А потом она подумала, что если отца нет, то можно выть и орать, как мама.
Целую неделю к ним домой приходили какие-то посторонние люди, и даже полицейские. Потом все уходили и приходили снова. Какие-то незнакомые тётки хватали маму за руки, когда она кричала. Она продолжала тихо, как мышка, сидеть в своей комнате. Лишь изредка, когда её забывали покормить, она выходила на кухню. И в туалет. Потом, на девятый день, к ним пришло сразу много людей. Накрыли стол, ели и выпивали. Мама снова выла. А потом выпила и стала по-прежнему доброй и весёлой. И когда гости ушли, она вдруг заметила её.
– Чем от тебя воняет? Ты когда мылась в последний раз? Ах ты бедолага! Мамка-то твоя совсем забыла про тебя... Пошли помою.
Мама помыла её, надела всё чистое, покормила, поменяла постельное бельё и уложила спать.
Наутро дверь в комнату открылась, и она поняла, что пора идти в сад.
Тем вечером, когда мама её забирала, воспитательница, волнуясь, сказала:
– Вы знаете, Вера сегодня говорила! Я слышала её голос!
– И что?
– Так она говорит? Она не немая?
– Какая же она немая? Вы что! Вер, скажи что-нибудь!
Вера спряталась за спину матери и не сказала ни слова.
– За два года, что она в саду, я слышала её впервые. А ведь девочке скоро в школу!
Вечером мать снова заперла её дома и ушла.
Вера встала у зеркала и тихо завыла:
– Ууууууу, убииииили, папку твоего убииииилиии, уууууу....
Ничего не случилось.
Тогда она завыла громче:
– Ууууууу, что теперь буууудет, чтооооо?
В квартире стояла тишина. И потолок не рухнул. И соседи не стали барабанить в дверь. Вообще ничего не случилось. Вера прислушалась к тишине и очень тихо запела песенку, которую пели все, кроме неё, готовясь к утреннику:
– Ёлочка, ёлка, лесной аромат,
Очень ей нужен красивый наряд...
Потом она побежала к шкафу, накинула мамину прозрачную шаль, которую та ни разу не носила, и, держась за её края, стала петь и кружиться.
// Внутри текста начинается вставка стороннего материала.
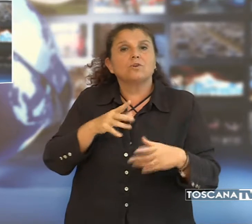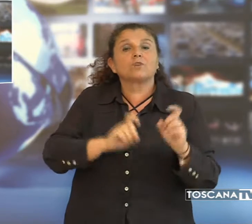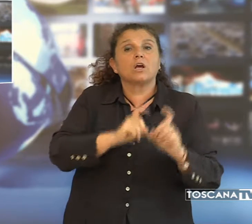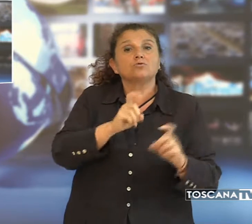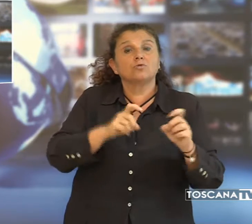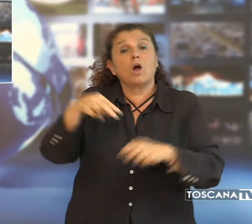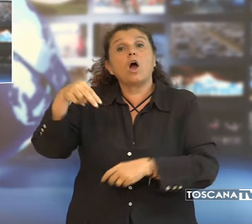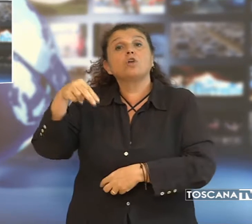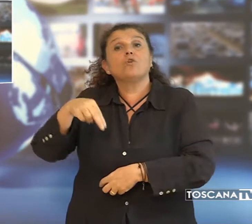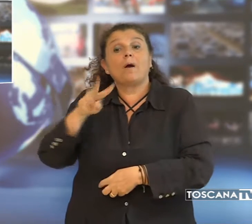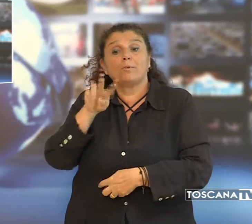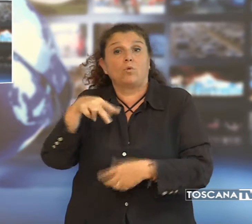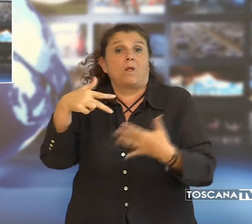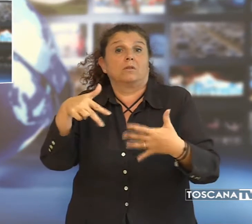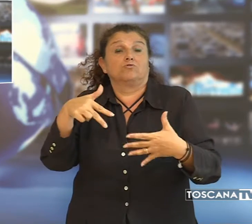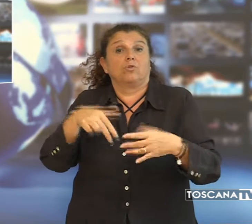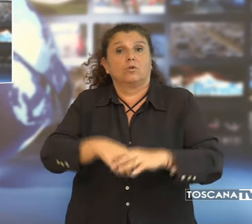e novembre 2018.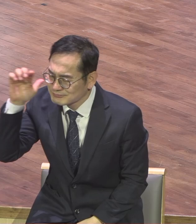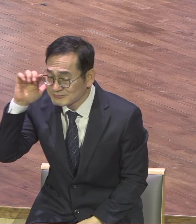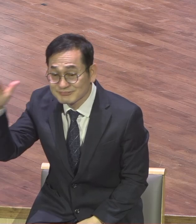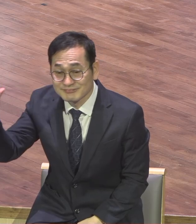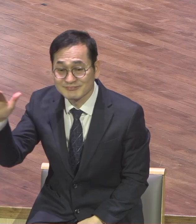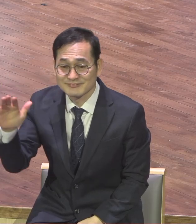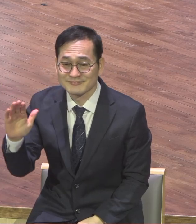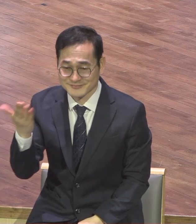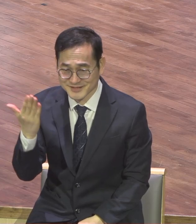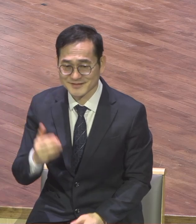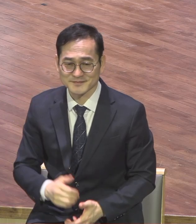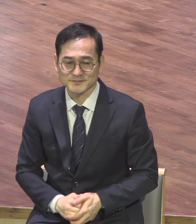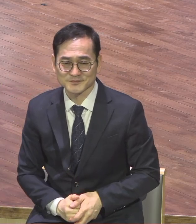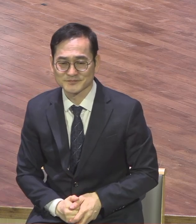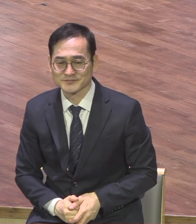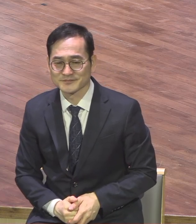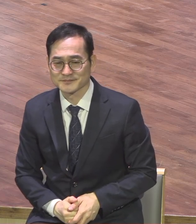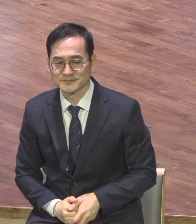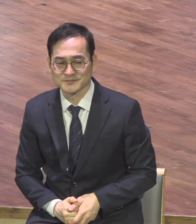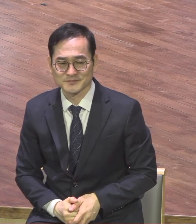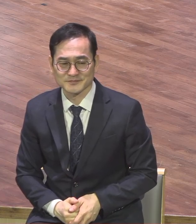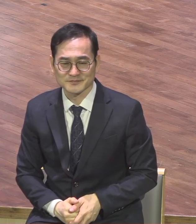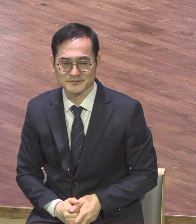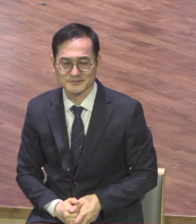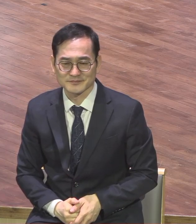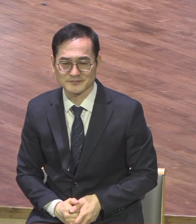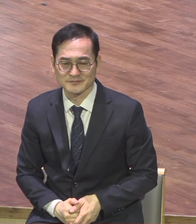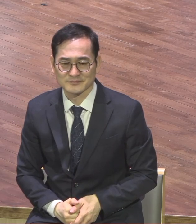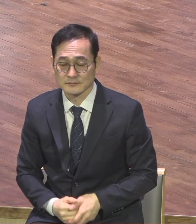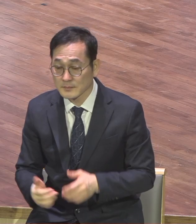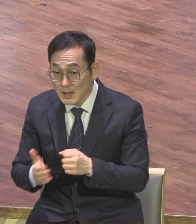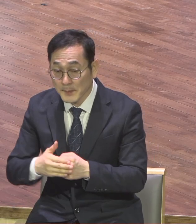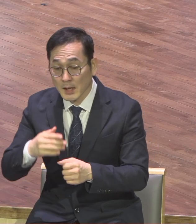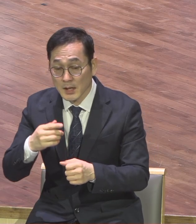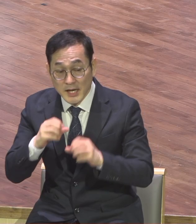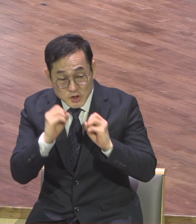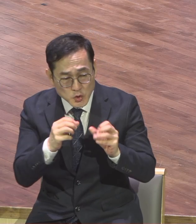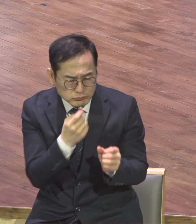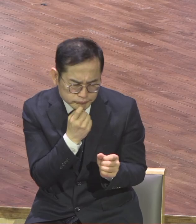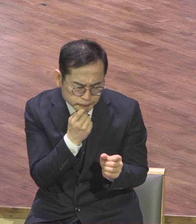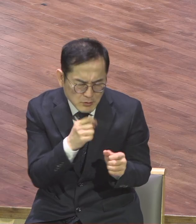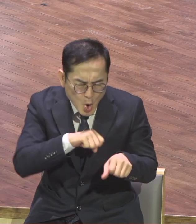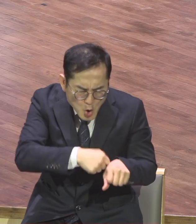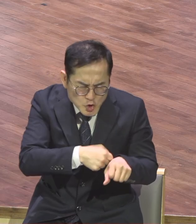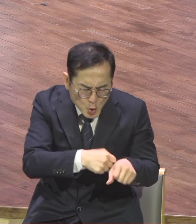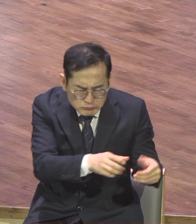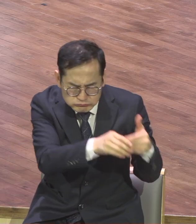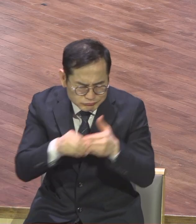마음을 가지게 되죠 그래서 전통하는 게 아니에요 되어지는 것이다 되어지죠

Она пела и пела. Всё громче и громче. И ничего не происходило. Только устала. Она положила шаль на место и уснула.
На следующий день, когда мать забирала её из сада, воспитательница сказала:
– Нина, вы опять нетрезвы.
Мать огрызнулась:
– Моя жизнь, что хочу, то и делаю! Что, сообщите в опеку? Давай, бегом! Пусть отберут эту обузу, и так достала!
– Нина, вы знаете какой у вашей дочери голос?
– Какой ещё голос?
– У неё ангельский голос. И абсолютный слух – так сказала мама Даши, а она музыкант.
– И что?
– А то, что ею надо заниматься. Вы вместе с собой топите и её. Понимаете? Я верю, что вы не совсем пропащий человек. И что вы любите её. Попробуйте ради неё изменить свою жизнь. Иначе я и правда избавлю её от вас ради её же блага.
Мама дёрнула Веру за руку:
– Вера, пошли!
И хлопнула дверью.
Всю дорогу она ругалась под нос и нечего было даже рассчитывать на «киндер». Вера злилась на воспитательницу.
– Сучка! – кричала мать.
– Сучка! – вторила ей тихо Вера.
Вечером вместо того, чтобы уйти, мать поставила её перед собой и, кажется впервые, внимательно на неё посмотрела.
– А ты красивая, как твой папка, – и всхлипнула. – А ну, спой!
– Что? – робко спросила Вера.
– Что-нибудь.
Вера подумала, что песню про ёлочку маме будет неинтересно слушать, и затянула:
– О-ой да не вечер, да не ве-ечер...
Мать молча выслушала до конца.
– Ты где выучила эту песню?
– Тётя Аня за стенкой её слушает.
Этим вечером мать осталась дома.
Утром дверь открылась в привычное время. Вера встала, умылась, оделась и молча стала натягивать сапоги.
– Ты чего это?
– А разве мы в сад не пойдём? – тихо спросила она.
– Пойдём. Но я есть хочу, пошли позавтракаем?
Вера молча сидела напротив матери и жевала бутерброд.
– Так утром есть захотелось... Сбегала в магаз, – объяснила мать.
Вера молчала.
– А у нас на той стороне проспекта есть музыкальная школа, – продолжила мать.
У Веры от непривычки есть так рано заболел живот.
– Чего молчишь? Пойдём поспрашиваем, как туда поступают?
Вера молча кивнула.
– Ну ты и тихушница! Кто ж знал, что ты поёшь? А чего не пела раньше?
– Нельзя было... – прошептала Вера.
Мать закурила.
– А ты папку-то своего помнишь?
Вера опять кивнула.
– Скучаешь?
– Нет, – снова прошептала Вера.
Мать помолчала.
– Может, и правильно. Иди одевайся. Вместе будем выкарабкиваться.
Мать потушила сигарету и пошла за ней одеваться.